What self-driving cars are about

What self-driving cars are about
What self-driving cars are about

Cars that drive themselves, or at least partially drive themselves, has been a hot topic over the last several years. Ford has announced plans for a fully autonomous vehicle in 2021, in addition to already having a variety of semi-autonomous technologies in its current product lineup.

There are so many terms and so many names for these technologies that are sometimes used interchangeably, and sometimes incorrectly. Some people call them autonomous vehicles, semi-autonomous vehicles, or automated cars. The list goes on. Many people think they mean the same thing, but they don’t.

The first step in understanding these terms is to know that the Society of Automotive Engineers (SAE) has standardised the different stages of vehicle automation with five levels, defined by the automotive standardization body. This system is based on how much the driver needs to intervene and pay attention while driving not on vehicle capabilities.

When it comes to “self-driving” cars, here’s what may actually be in development:

  • Level 0: You do all the heavy lifting. Vehicles in this level need the driver’s full attention to operate the steering, brakes, throttle and power.
  • Level 1: Helping out a little. The majority of the vehicle functions are controlled by the driver, but some other functions can be controlled by the car automatically (i.e. cruise control).
  • Level 2: Being ready to take the wheel. At least two functions in the vehicle are automated where the driver isn’t physically operating the vehicle. However, the driver still has to stay alert in case he/she has to take control.
  • Level 3: Learning to let go. Although drivers are still required to be present and alert at this level, most safety-critical functions and controls are shifted almost completely to the vehicle. However, the driver must be ready to intervene if necessary.

Today, most automakers are at Levels 1, 2 or 3, which are referred to as semi-autonomous because the driver is required to be involved at some point in the driving.

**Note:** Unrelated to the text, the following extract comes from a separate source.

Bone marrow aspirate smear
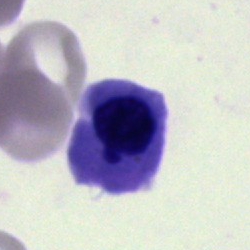
A nucleated red cell.

  • Level 4: Sit back and enjoy the ride. This is where you can call a vehicle fully autonomous (sometimes called a driverless car, self-driving car or automated car). The vehicles are designed to perform all safety-critical driving functions and monitor road conditions, but only in specific areas mapped in 3D during weather appropriate for the best performance of sensor technology.
  • Level 5: You can even look at your phone. No humans are needed as the vehicle won’t have a steering wheel or accelerator pedal for the driver to use.

Despite the general public only able to read about the progress of autonomous vehicles and not actually able to get behind the wheel right now, these vehicles are on the horizon – and Ford wants to be the motor manufacturer that will make them accessible to all.